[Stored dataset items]

====================

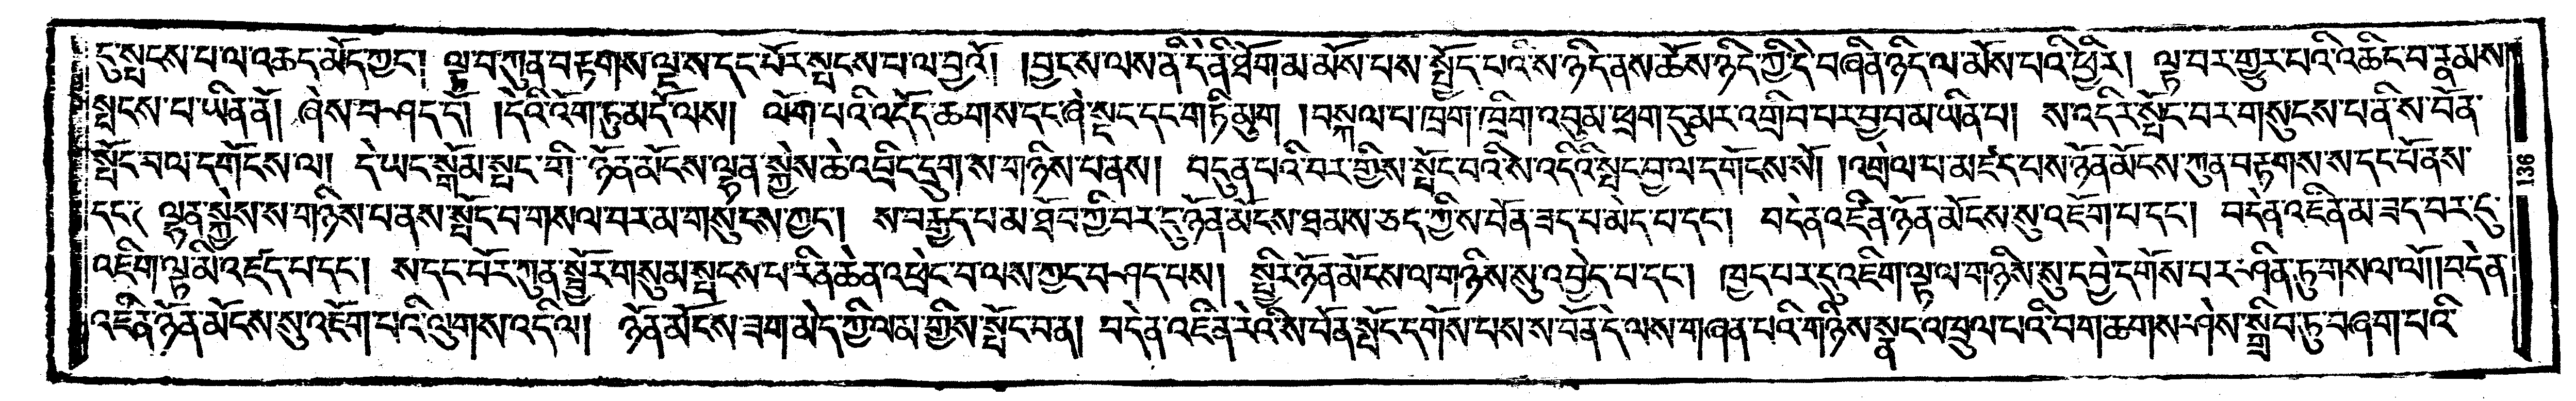དུ་སྤངས་པ་ལ་འཆད་མོད་ཀྱང་། ལྟ་བ་ཀུན་བརྟགས་ལྔ་ས་དང་པོར་སྤངས་པ་ལ་བྱའོ། །བྱང་ས་ལས་ནི་དེ་ནི་ཐོག་མ་མོས་པས་སྤྱོད་པའི་ས་ཉིད་ནས་ཆོས་ཉིད་ཀྱི་དེ་བཞིན་ཉིད་ལ་མོས་པའི་ཕྱིར། ལྟ་བར་གྱུར་པའི་འཆིང་བ་རྣམས་
སྤངས་པ་ཡིན་ནོ། ཞེས་བཤད་དོ། །དེའི་འོག་ཏུ་མདོ་ལས། ལོག་པའི་འདོད་ཆགས་དང་ཞེ་སྡང་དང་གཏི་མུག །བསྐལ་པ་ཁྲག་ཁྲིག་འབུམ་ཕྲག་དུ་མར་འགྲིབ་པར་བྱ་བ་མ་ཡིན་པ། ས་འདིར་སྤོང་བར་གསུངས་པ་ནི་ས་བོན་
སྤོང་བ་ལ་དགོངས་ལ། དེ་ཡང་སྒོམ་སྤང་གི་ཉོན་མོངས་ལྷན་སྐྱེས་ཆེ་འབྲིང་དྲུག་ས་གཉིས་པ་ནས། བདུན་པའི་བར་གྱིས་སྤོང་བའི་ས་འདིའི་སྤང་བྱ་ལ་དགོངས་སོ། །འགྲེལ་པ་མཛད་པས་ཉོན་མོངས་ཀུན་བརྟགས་ས་དང་པོ་ནས་
དང༑ ལྷན་སྐྱེས་ས་གཉིས་པ་ནས་སྤོང་བ་གསལ་བར་མ་གསུངས་ཀྱང་། ས་བརྒྱད་པ་མ་ཐོབ་ཀྱི་བར་དུ་ཉོན་མོངས་ཐམས་ཅད་ཀྱི་ས་བོན་ཟད་པ་མེད་པ་དང་། བདེན་འཛིན་ཉོན་མོངས་སུ་འཇོག་པ་དང་། བདེན་འཛིན་མ་ཟད་བར་དུ་
འཇིག་ལྟ་མི་འཛད་པ་དང་། ས་དང་པོར་ཀུན་སྦྱོར་གསུམ་སྤངས་པ་རིན་ཆེན་འཕྲེང་བ་ལས་ཀྱང་བཤད་པས། སྤྱིར་ཉོན་མོངས་ལ་གཉིས་སུ་འབྱེད་པ་དང་། ཁྱད་པར་དུ་འཇིག་ལྟ་ལ་གཉིས་སུ་དབྱེ་དགོས་པར་ཤིན་ཏུ་གསལ་ལོ། །བདེན་
འཛིན་ཉོན་མོངས་སུ་འཇོག་པའི་ལུགས་འདི་ལ། ཉོན་མོངས་ཟག་མེད་ཀྱི་ལམ་གྱིས་སྤོང་བ་ན། བདེན་འཛིན་རེའི་ས་བོན་སྤོང་དགོས་པས་ས་བོན་དེ་ལས་གཞན་པའི་གཉིས་སྣང་འཁྲུལ་པའི་བག་ཆགས་ཤེས་སྒྲིབ་ཏུ་བཞག་པའི་

====================

Problem requirements:
A word-for-word transcription of the entries above, free of images, is what is wanted.

The answer:
དུ་སྤངས་པ་ལ་འཆད་མོད་ཀྱང་། ལྟ་བ་ཀུན་བརྟགས་ལྔ་ས་དང་པོར་སྤངས་པ་ལ་བྱའོ། །བྱང་ས་ལས་ནི་དེ་ནི་ཐོག་མ་མོས་པས་སྤྱོད་པའི་ས་ཉིད་ནས་ཆོས་ཉིད་ཀྱི་དེ་བཞིན་ཉིད་ལ་མོས་པའི་ཕྱིར། ལྟ་བར་གྱུར་པའི་འཆིང་བ་རྣམས་
སྤངས་པ་ཡིན་ནོ། ཞེས་བཤད་དོ། །དེའི་འོག་ཏུ་མདོ་ལས། ལོག་པའི་འདོད་ཆགས་དང་ཞེ་སྡང་དང་གཏི་མུག །བསྐལ་པ་ཁྲག་ཁྲིག་འབུམ་ཕྲག་དུ་མར་འགྲིབ་པར་བྱ་བ་མ་ཡིན་པ། ས་འདིར་སྤོང་བར་གསུངས་པ་ནི་ས་བོན་
སྤོང་བ་ལ་དགོངས་ལ། དེ་ཡང་སྒོམ་སྤང་གི་ཉོན་མོངས་ལྷན་སྐྱེས་ཆེ་འབྲིང་དྲུག་ས་གཉིས་པ་ནས། བདུན་པའི་བར་གྱིས་སྤོང་བའི་ས་འདིའི་སྤང་བྱ་ལ་དགོངས་སོ། །འགྲེལ་པ་མཛད་པས་ཉོན་མོངས་ཀུན་བརྟགས་ས་དང་པོ་ནས་
དང༑ ལྷན་སྐྱེས་ས་གཉིས་པ་ནས་སྤོང་བ་གསལ་བར་མ་གསུངས་ཀྱང་། ས་བརྒྱད་པ་མ་ཐོབ་ཀྱི་བར་དུ་ཉོན་མོངས་ཐམས་ཅད་ཀྱི་ས་བོན་ཟད་པ་མེད་པ་དང་། བདེན་འཛིན་ཉོན་མོངས་སུ་འཇོག་པ་དང་། བདེན་འཛིན་མ་ཟད་བར་དུ་
འཇིག་ལྟ་མི་འཛད་པ་དང་། ས་དང་པོར་ཀུན་སྦྱོར་གསུམ་སྤངས་པ་རིན་ཆེན་འཕྲེང་བ་ལས་ཀྱང་བཤད་པས། སྤྱིར་ཉོན་མོངས་ལ་གཉིས་སུ་འབྱེད་པ་དང་། ཁྱད་པར་དུ་འཇིག་ལྟ་ལ་གཉིས་སུ་དབྱེ་དགོས་པར་ཤིན་ཏུ་གསལ་ལོ། །བདེན་
འཛིན་ཉོན་མོངས་སུ་འཇོག་པའི་ལུགས་འདི་ལ། ཉོན་མོངས་ཟག་མེད་ཀྱི་ལམ་གྱིས་སྤོང་བ་ན། བདེན་འཛིན་རེའི་ས་བོན་སྤོང་དགོས་པས་ས་བོན་དེ་ལས་གཞན་པའི་གཉིས་སྣང་འཁྲུལ་པའི་བག་ཆགས་ཤེས་སྒྲིབ་ཏུ་བཞག་པའི་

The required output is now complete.